EXTRACTED INFORMATION: Begin

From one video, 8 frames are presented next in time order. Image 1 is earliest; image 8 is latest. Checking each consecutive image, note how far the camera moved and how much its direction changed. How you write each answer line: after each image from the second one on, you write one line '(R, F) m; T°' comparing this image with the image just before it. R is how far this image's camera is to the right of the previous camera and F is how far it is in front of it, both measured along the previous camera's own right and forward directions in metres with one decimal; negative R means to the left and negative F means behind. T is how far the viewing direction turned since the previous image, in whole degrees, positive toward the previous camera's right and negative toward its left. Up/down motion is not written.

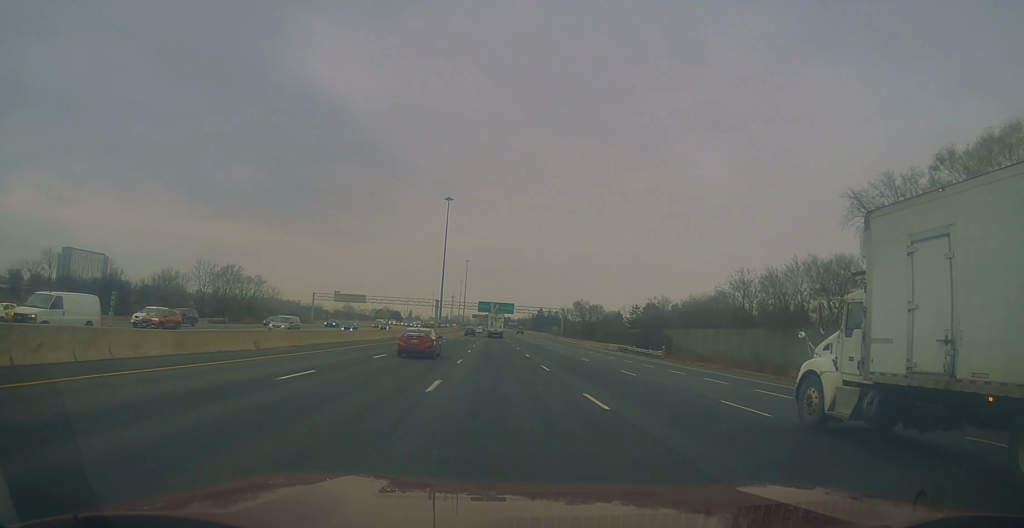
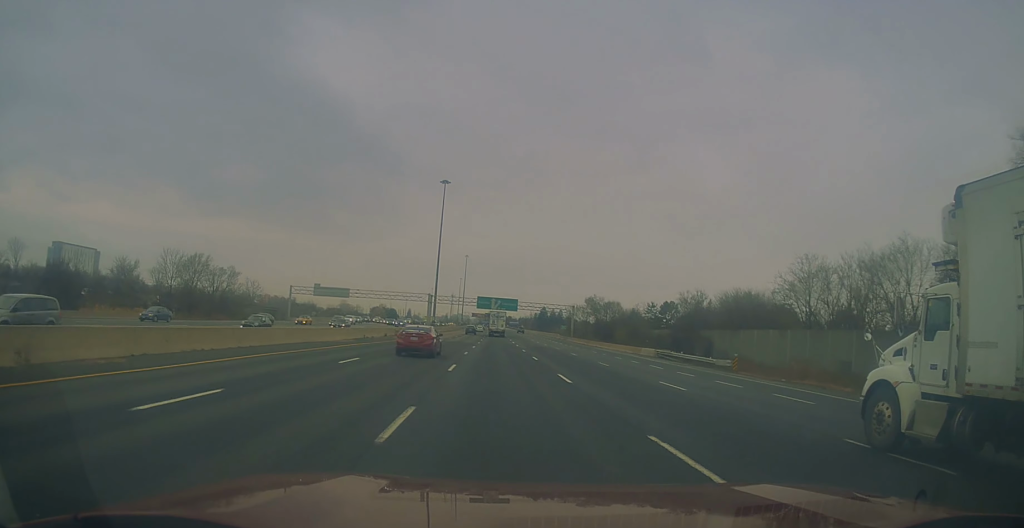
(+0.3, +18.6) m; +1°
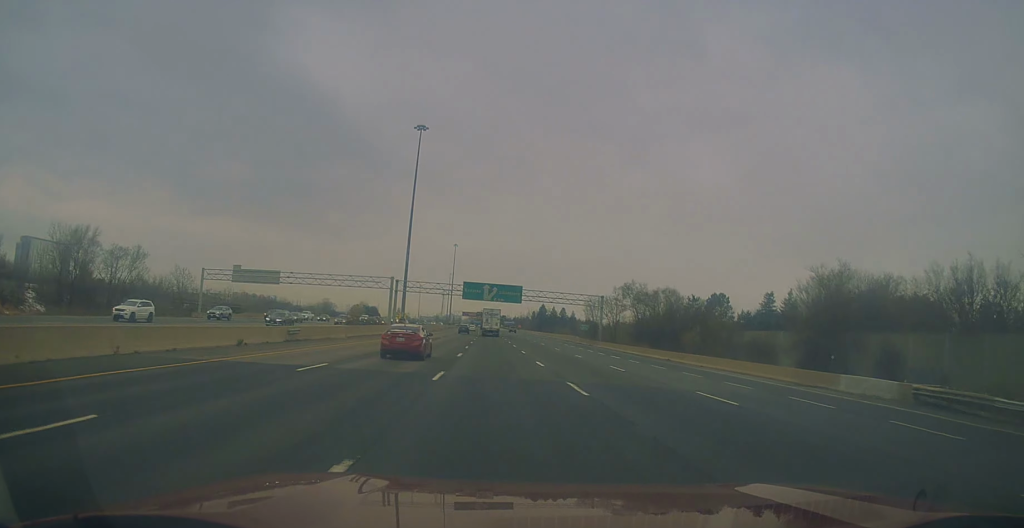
(-0.2, +41.6) m; -1°
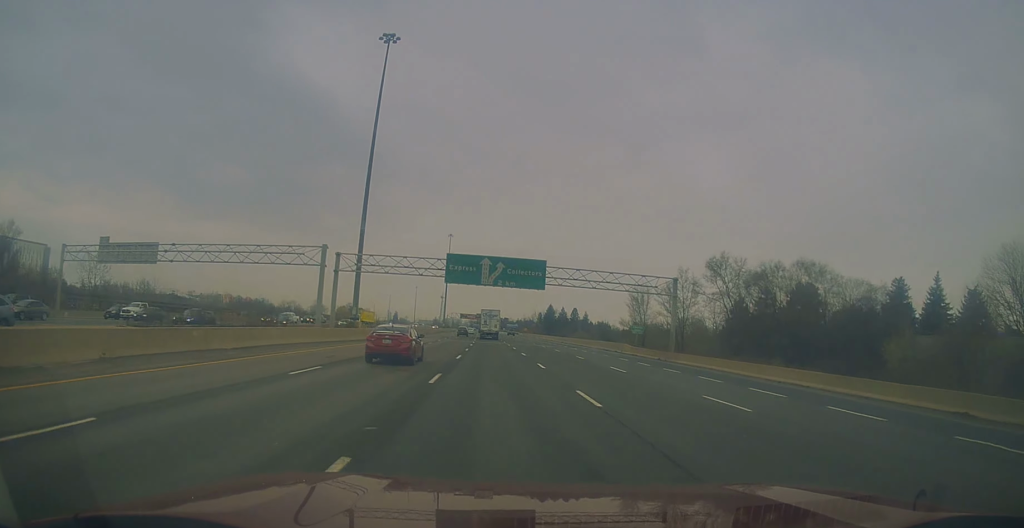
(-0.5, +37.2) m; 0°
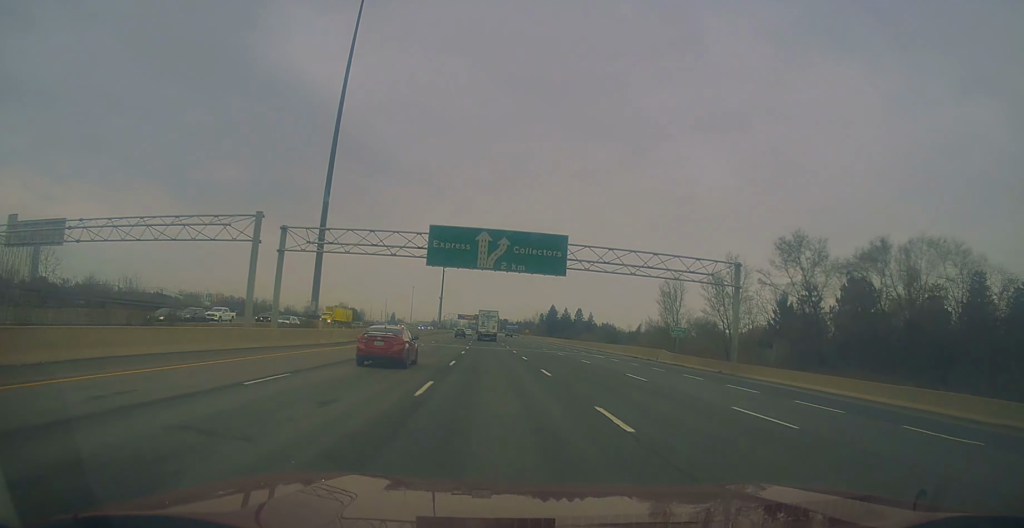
(-0.1, +15.4) m; +1°
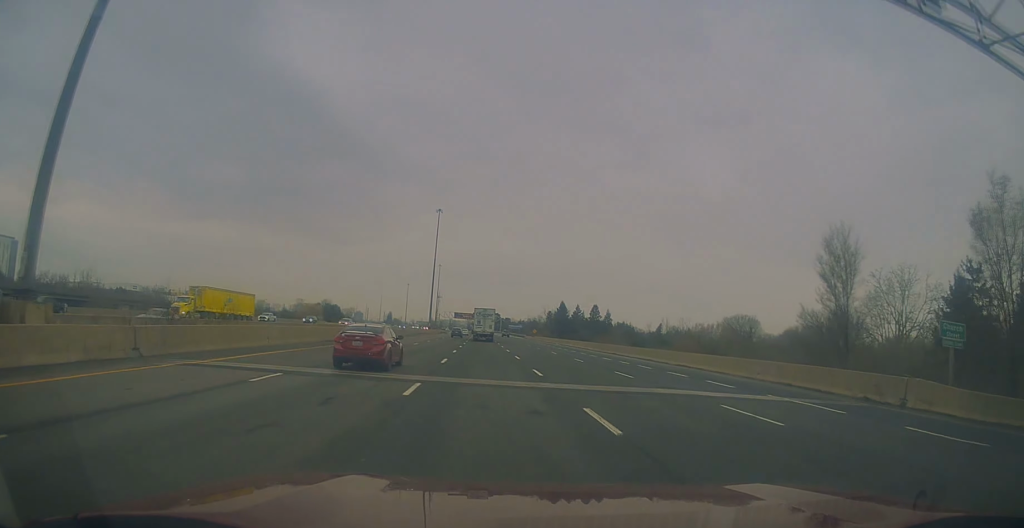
(+0.5, +34.9) m; +2°
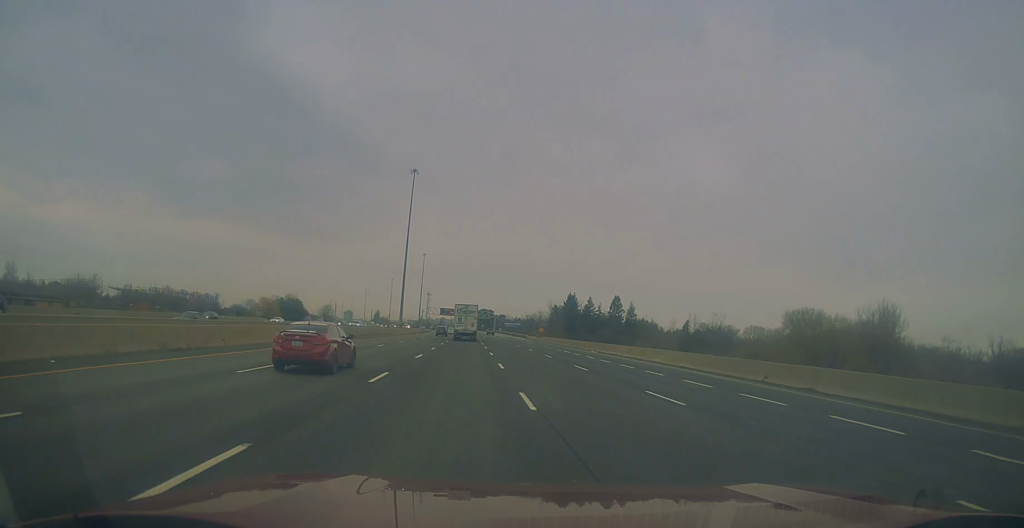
(+0.1, +44.5) m; -1°
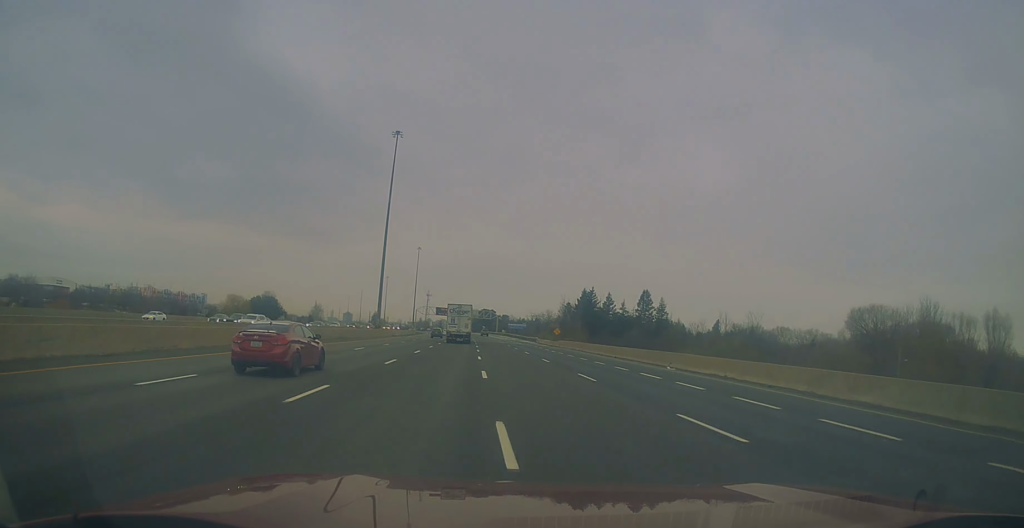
(-0.6, +28.1) m; 0°

EXTRACTED INFORMATION: End

TASK DESCRIPTION: The entries are to be written out again exactly, though without any images.

TASK OUTPUT:
From one video, 8 frames are presented next in time order. Image 1 is earliest; image 8 is latest. Checking each consecutive image, note how far the camera moved and how much its direction changed. How you write each answer line: after each image from the second one on, you write one line '(R, F) m; T°' comparing this image with the image just before it. R is how far this image's camera is to the right of the previous camera and F is how far it is in front of it, both measured along the previous camera's own right and forward directions in metres with one decimal; negative R means to the left and negative F means behind. T is how far the viewing direction turned since the previous image, in whole degrees, positive toward the previous camera's right and negative toward its left. Up/down motion is not written.

(+0.3, +18.6) m; +1°
(-0.2, +41.6) m; -1°
(-0.5, +37.2) m; 0°
(-0.1, +15.4) m; +1°
(+0.5, +34.9) m; +2°
(+0.1, +44.5) m; -1°
(-0.6, +28.1) m; 0°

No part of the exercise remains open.